*Task directions*
Please output every entry below exactly as written, leaving out any pictures.

*Data for this exercise*
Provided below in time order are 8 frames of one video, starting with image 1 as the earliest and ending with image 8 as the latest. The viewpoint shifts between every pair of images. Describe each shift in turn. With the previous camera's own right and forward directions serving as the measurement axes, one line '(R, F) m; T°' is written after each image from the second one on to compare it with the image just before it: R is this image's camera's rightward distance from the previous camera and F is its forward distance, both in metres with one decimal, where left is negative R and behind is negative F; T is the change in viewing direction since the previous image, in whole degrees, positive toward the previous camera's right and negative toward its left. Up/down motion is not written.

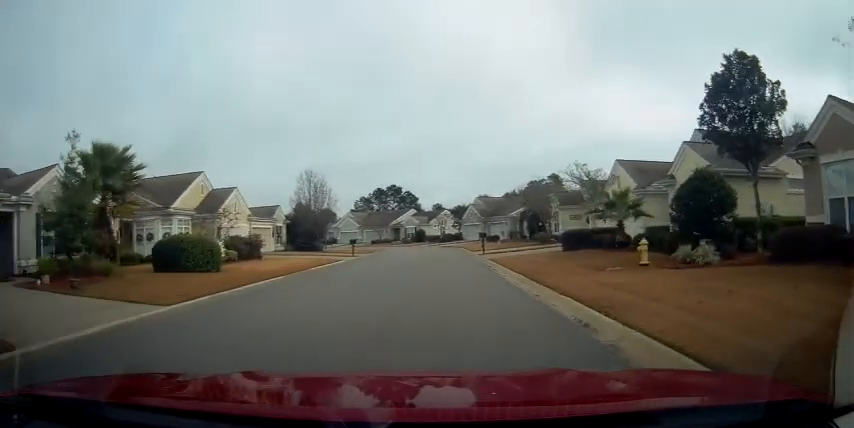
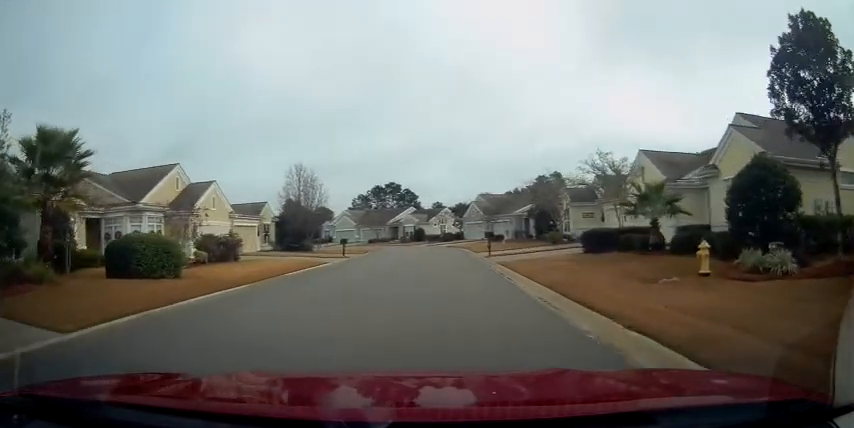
(0.0, +3.7) m; 0°
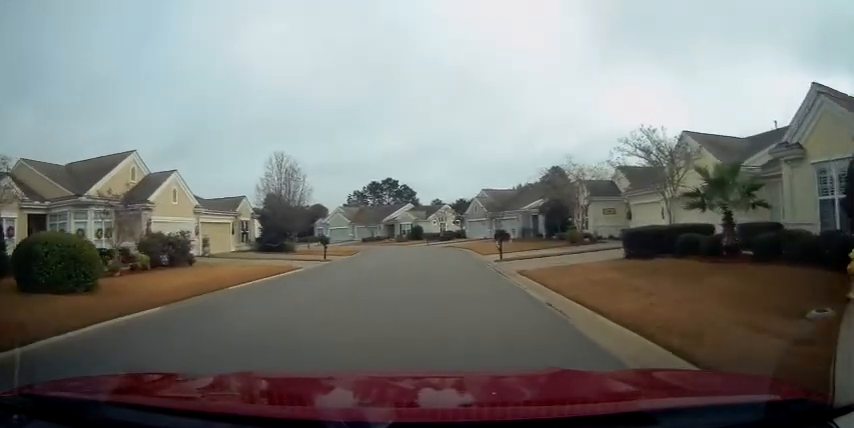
(0.0, +5.3) m; 0°
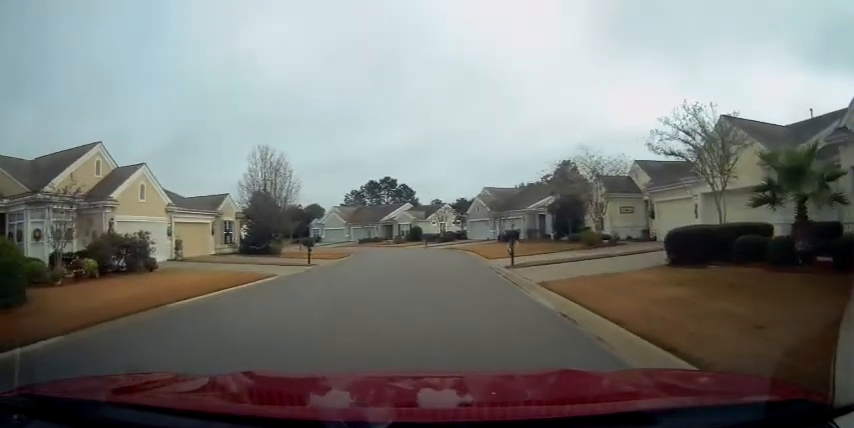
(0.0, +3.4) m; 0°
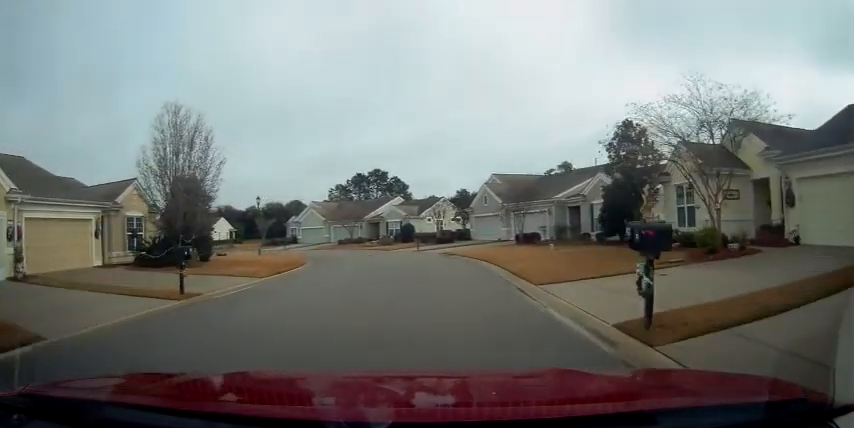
(0.0, +12.4) m; +1°
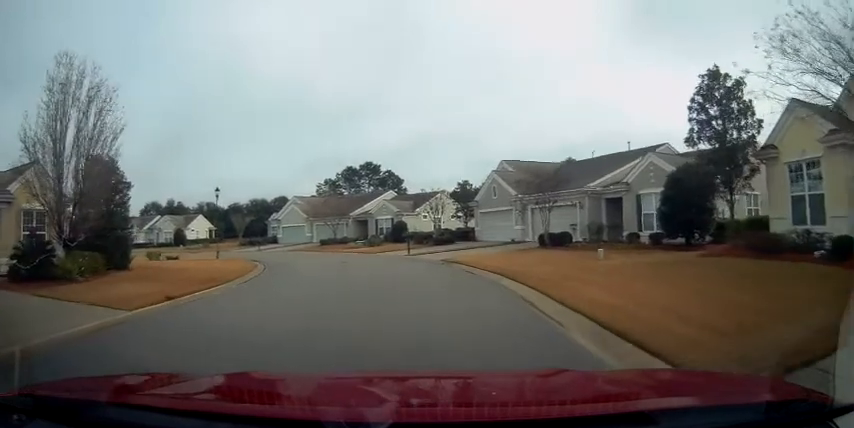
(+0.1, +8.0) m; +2°
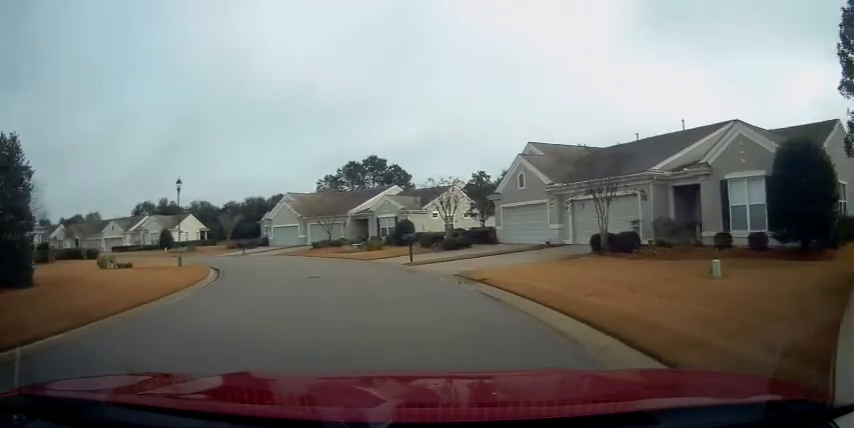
(+0.1, +7.2) m; -1°
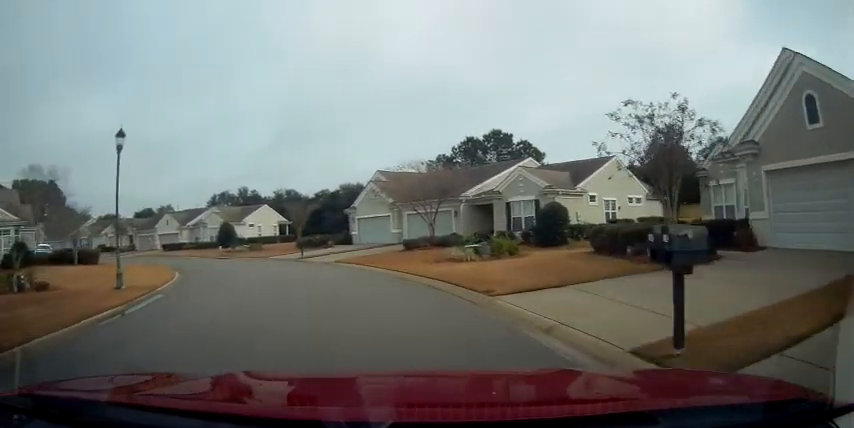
(-2.1, +15.8) m; -17°

*Finished task*
Provided below in time order are 8 frames of one video, starting with image 1 as the earliest and ending with image 8 as the latest. The viewpoint shifts between every pair of images. Describe each shift in turn. With the previous camera's own right and forward directions serving as the measurement axes, one line '(R, F) m; T°' is written after each image from the second one on to compare it with the image just before it: R is this image's camera's rightward distance from the previous camera and F is its forward distance, both in metres with one decimal, where left is negative R and behind is negative F; T is the change in viewing direction since the previous image, in whole degrees, positive toward the previous camera's right and negative toward its left. Up/down motion is not written.

(0.0, +3.7) m; 0°
(0.0, +5.3) m; 0°
(0.0, +3.4) m; 0°
(0.0, +12.4) m; +1°
(+0.1, +8.0) m; +2°
(+0.1, +7.2) m; -1°
(-2.1, +15.8) m; -17°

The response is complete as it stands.